I've often had this kind of thought about truths of mathematics, logic and the like. I cannot find the claim that the truths of mathematics are contingent coherent simply because I would only count a truth contingent if there is some way the world might be such that the truth-value of a particular mathematical proposition would be made false (or true, if the proposition is @-false). In other words, I subscribe to the most limited and plausible form of the Truthmaker Theory. And because I have no understanding of what it would be like for the world being a certain way that would falsify mathematical truths (eg. <2+2=4>), I can't countenance mathematical truths as contingent. So far then, I am completely on board with the hypothesis that necessary truths are necessary in virtue of being trivially true.

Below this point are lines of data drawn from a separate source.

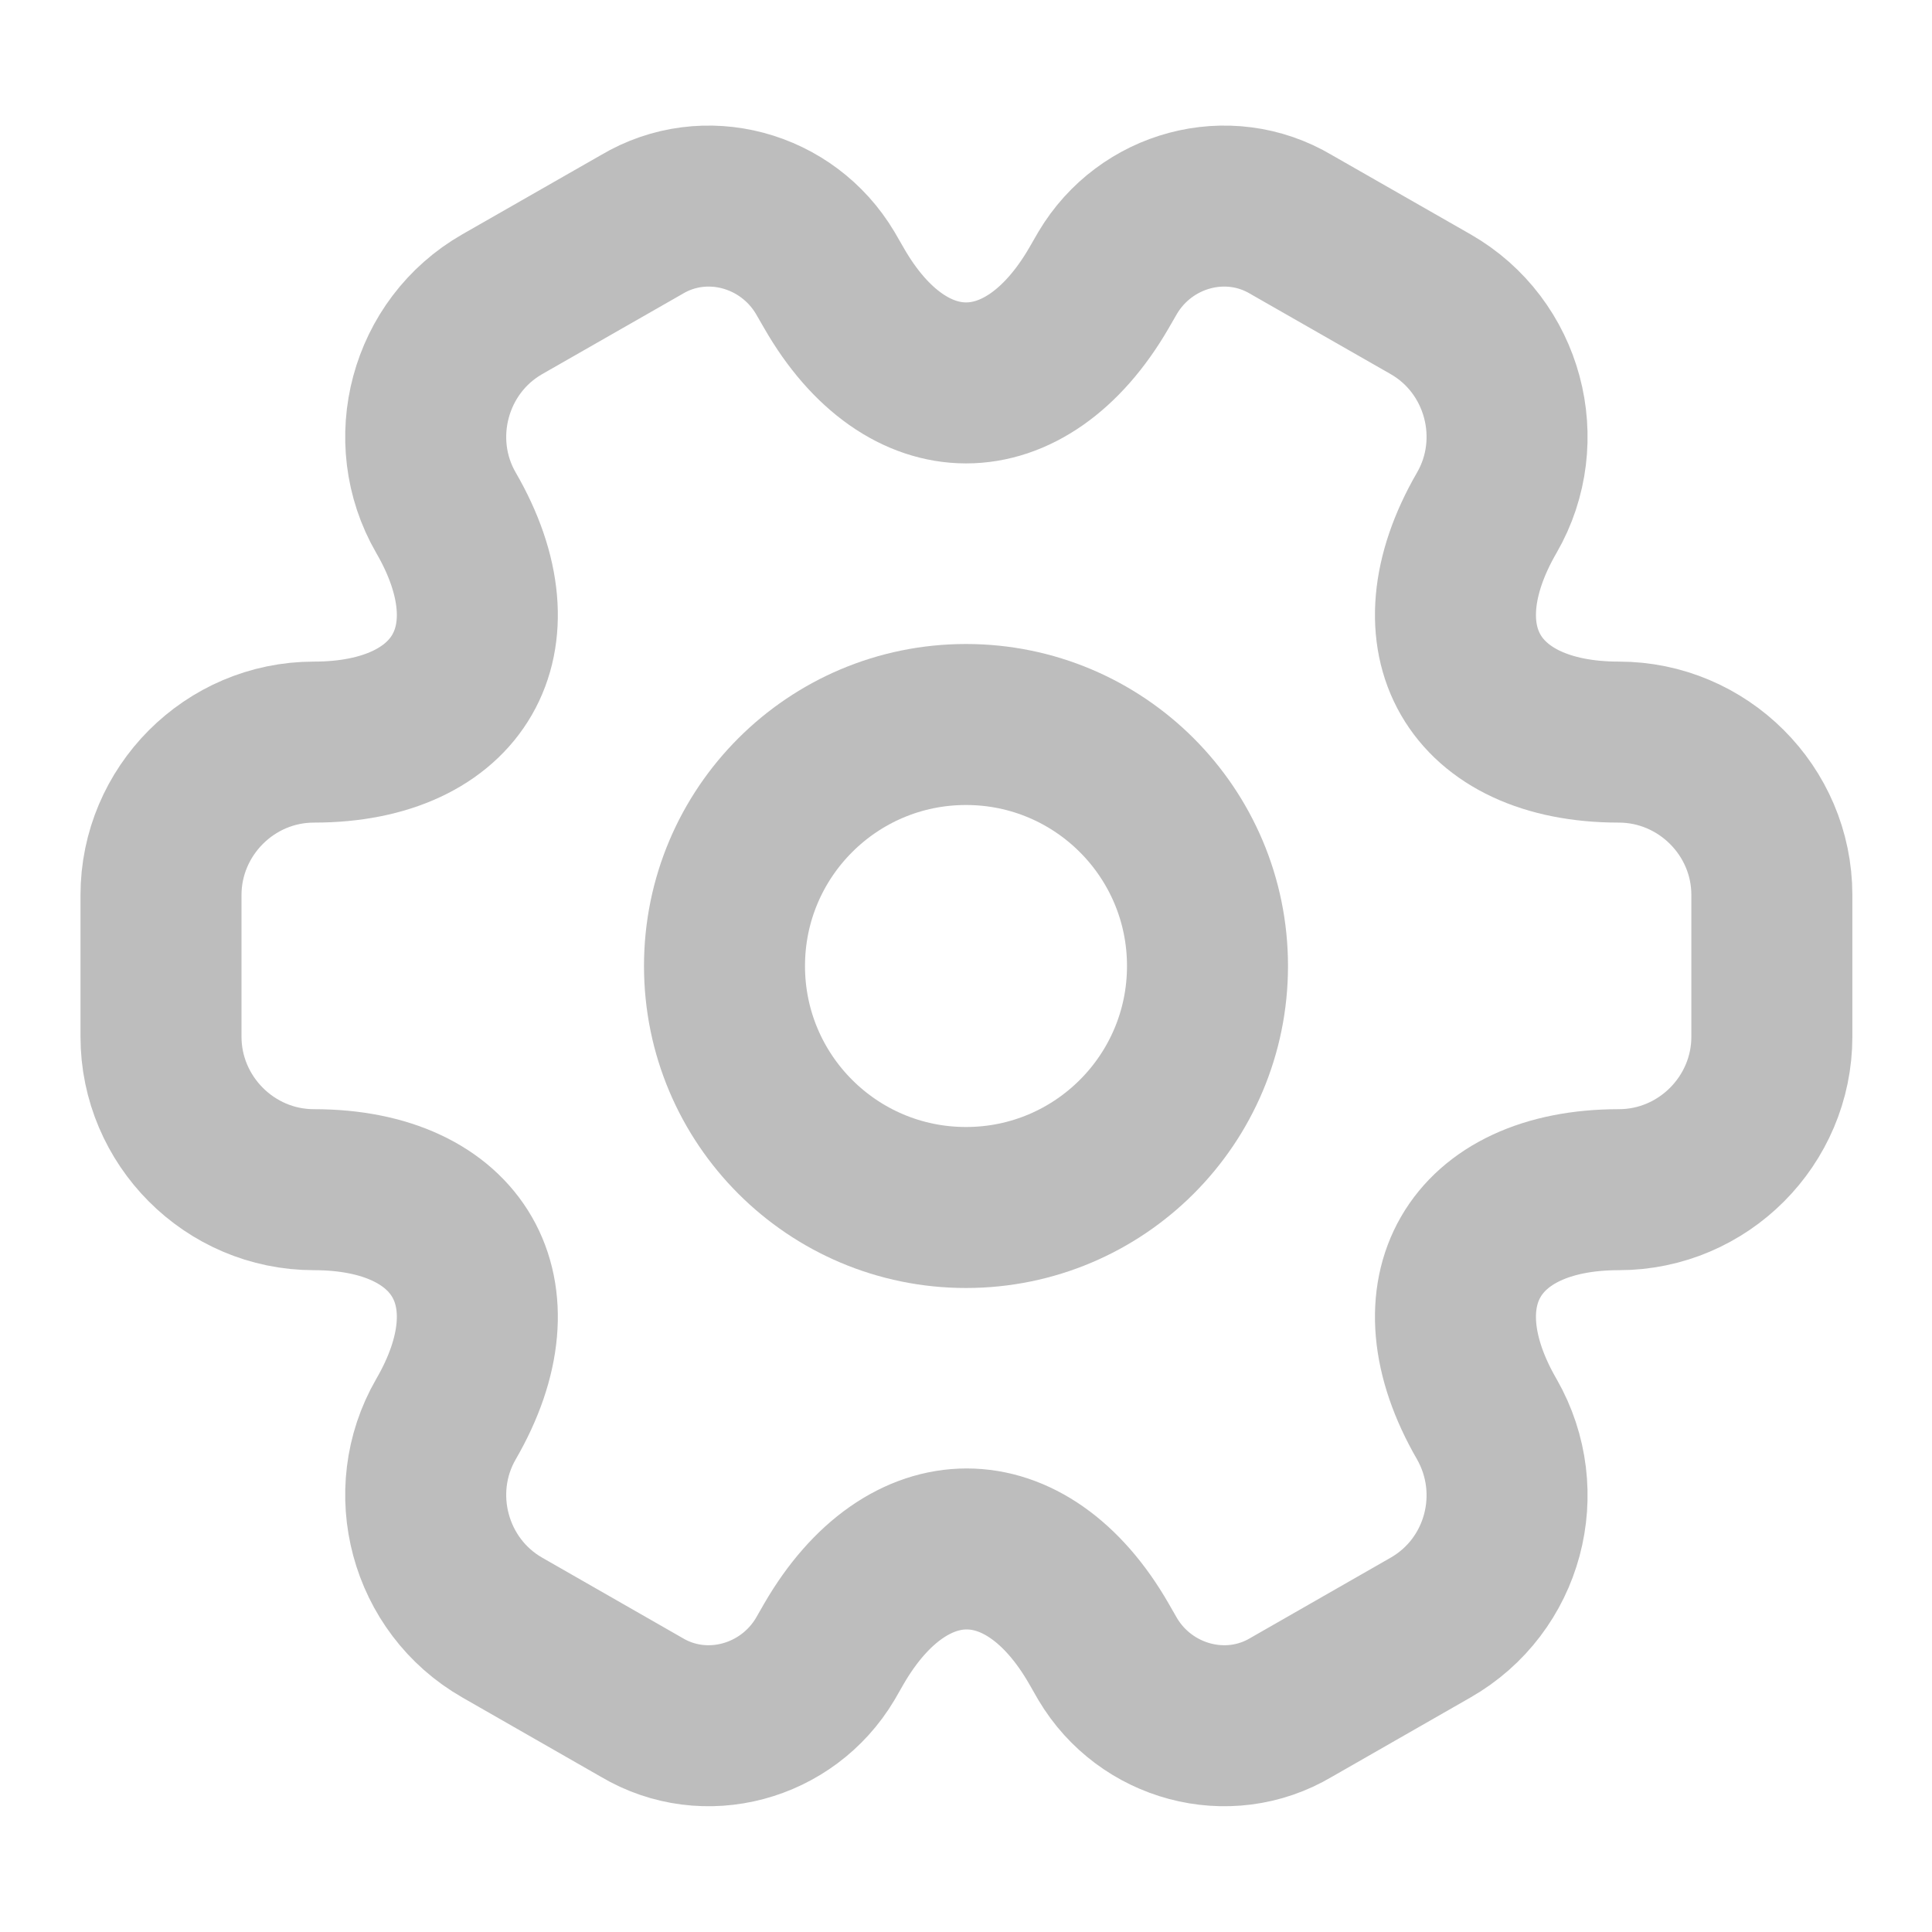 <svg width="18" height="18" viewBox="0 0 18 18" fill="none" xmlns="http://www.w3.org/2000/svg">
<path d="M9 11.25C10.243 11.25 11.25 10.243 11.25 9C11.25 7.757 10.243 6.75 9 6.75C7.757 6.75 6.75 7.757 6.75 9C6.75 10.243 7.757 11.25 9 11.25Z" stroke="#BDBDBD" stroke-width="1.5" stroke-miterlimit="10" stroke-linecap="round" stroke-linejoin="round"/>
<path d="M1.5 9.659V8.339C1.5 7.559 2.138 6.914 2.925 6.914C4.282 6.914 4.838 5.954 4.155 4.777C3.765 4.102 3.998 3.224 4.68 2.834L5.978 2.092C6.57 1.739 7.335 1.949 7.688 2.542L7.77 2.684C8.445 3.862 9.555 3.862 10.238 2.684L10.32 2.542C10.672 1.949 11.438 1.739 12.03 2.092L13.328 2.834C14.01 3.224 14.242 4.102 13.852 4.777C13.17 5.954 13.725 6.914 15.082 6.914C15.863 6.914 16.508 7.552 16.508 8.339V9.659C16.508 10.439 15.87 11.084 15.082 11.084C13.725 11.084 13.17 12.044 13.852 13.222C14.242 13.904 14.01 14.774 13.328 15.164L12.03 15.907C11.438 16.259 10.672 16.049 10.32 15.457L10.238 15.314C9.562 14.137 8.453 14.137 7.77 15.314L7.688 15.457C7.335 16.049 6.57 16.259 5.978 15.907L4.68 15.164C3.998 14.774 3.765 13.897 4.155 13.222C4.838 12.044 4.282 11.084 2.925 11.084C2.138 11.084 1.5 10.439 1.5 9.659Z" stroke="#BDBDBD" stroke-width="1.5" stroke-miterlimit="10" stroke-linecap="round" stroke-linejoin="round"/>
</svg>
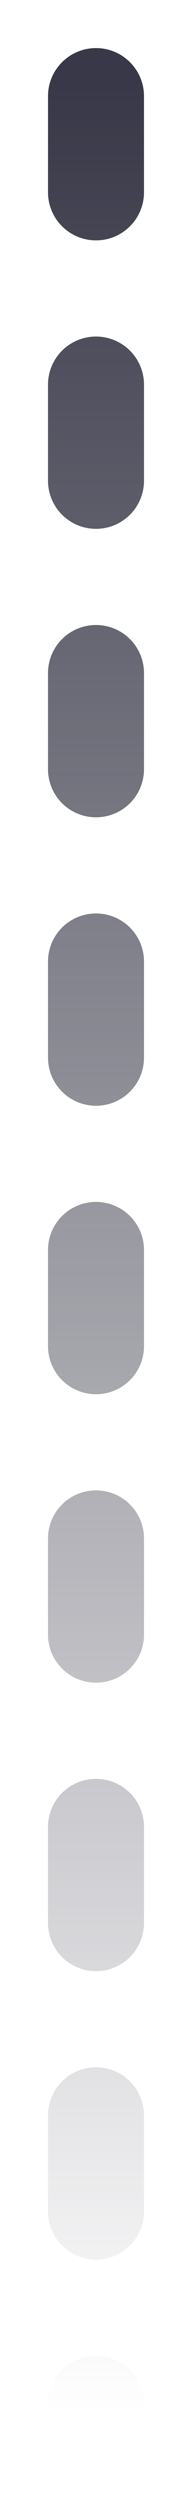 <svg width="2" height="26" viewBox="0 0 2 26" fill="none" xmlns="http://www.w3.org/2000/svg">
  <path d="M1 1V25" stroke="url(#paint0_linear_1184_317)" stroke-linecap="round" stroke-dasharray="1 2"/>
  <defs>
    <linearGradient id="paint0_linear_1184_317" x1="1.5" y1="1" x2="1.5" y2="25" gradientUnits="userSpaceOnUse">
      <stop stop-color="#383848"/>
      <stop offset="1" stop-color="#383848" stop-opacity="0"/>
    </linearGradient>
  </defs>
</svg>

Now, a natural way to understand what is going on in the case of mathematical truths being necessary in the aforementioned sense is that it's truth "places no demand on the world" - in other words, it's truth (or falsity) does not demand that the world be any which way at all; simply because, it's truth-value does not depend upon the world making it true in any particular way.
But things don't seem to be so simple when we begin to consider substantial metaphysical truths about concrete objects, dispositions, natural kinds, etc. When he comes to a discussion of these kinds of truths, the notion of a necessary truth placing "no demand on the world" takes a different form. Consider the stock example of a purportedly (a posteriori) necessary truth: ; Cameron rephrases this a bit as "If there is Water, there is H20". Surely here the notion that the proposition places no demand on the world seems a bit unsettling. Doesn't it, at the very least, make the claim that 'Water' and 'H20' are referentially co-extensive?; eg. that the set of all of the things picked out by 'Water' is in one-to-one correspondence with the set of all things picked out by 'H20'?
In discussing these substantial metaphysical truths, Cameron's new gloss on the notion of a necessary truth being trivially true in virtue of placing "no demand on the world" is that the two elements, say of an identity statement or a predication (as in <x is F>), make the "exact same demands" on the world. Cameron states:
"Since the truth of the antecedent places the same demands on the world as the truth of the consequent, the truth of the conditional itself places no demands on the world, and so this sentence is trivially true"In other words, the "demand" that a particular world contain Water is exactly the same "demand" that that world contains H20. This seems, for the most part, right on target in explaining why a proposition is either necessarily true or false:
But even so, I cannot agree with Cameron's conflation of "two terms placing the same demand upon the world" with "placing no demand upon the world". And I can't agree with equating the two notions simply because of the banal fact about extensional semantics that I pointed out above. It seems to me that mathematical propositions place "no demand on the world" in two ways: (1) in the aforementioned sense that there is no way the world could be such that it might alter the truth-value of the proposition and (2) in the sense that the proposition does not concern concrete existents. Now I am of the opinion that only concrete entities exist and that therefore, a world is to be identified with a possible configuration of concrete entities. But once you accept that assumption about ontology and (2), then it is rather easy to accept the truth of (1); in fact, (1) seemingly just follows from (2) with the 'concrete assumption' about world ontology.
But notice that substantial metaphysical truths, such as , do not place "no demand on the world" in the sense of (2), as mathematical truths do. I agree that it places "no demand on the world" in the sense of (1), simply because, as Cameron says, "when you have one, you have the other".
So perhaps it would be better to say that the sense of "placing no demand on the world" would be better characterized simply by (1) alone. Cameron begins his paper by dismissing the claim that necessary truths commit one to a particular ontology, so he would presumably not be happy with the claim that <2+2=4> is necessary because "when you have one, you have the other", as it plausibly commits one to at least having worlds where '2', '4', and the relation of addition all exist. I'm not pleased with the thought that mathematical truths commit us to an ontology either, but I don't think that the sense of "no demand" given by (1) needs to be interpreted existentially.
It seems to me that the "no demand" reading of triviality is to be understood as "when you have one, you have the other" without a necessary corollary to be interpreted existentially. In this way, we can claim that <2+2=4> is trivially true in the sense that, no matter which would happened to be actual, if you had 2 sets of 2 things there, you would have 4 things. Surely no possible world could alter the truth value of this claim - plausibly, not even a completely empty world could alter this truth. And, without being interpreted existentially, we can say also that is trivially true in the sense that, no matter which world happened to be actual, if you have Water there, you have H20 there.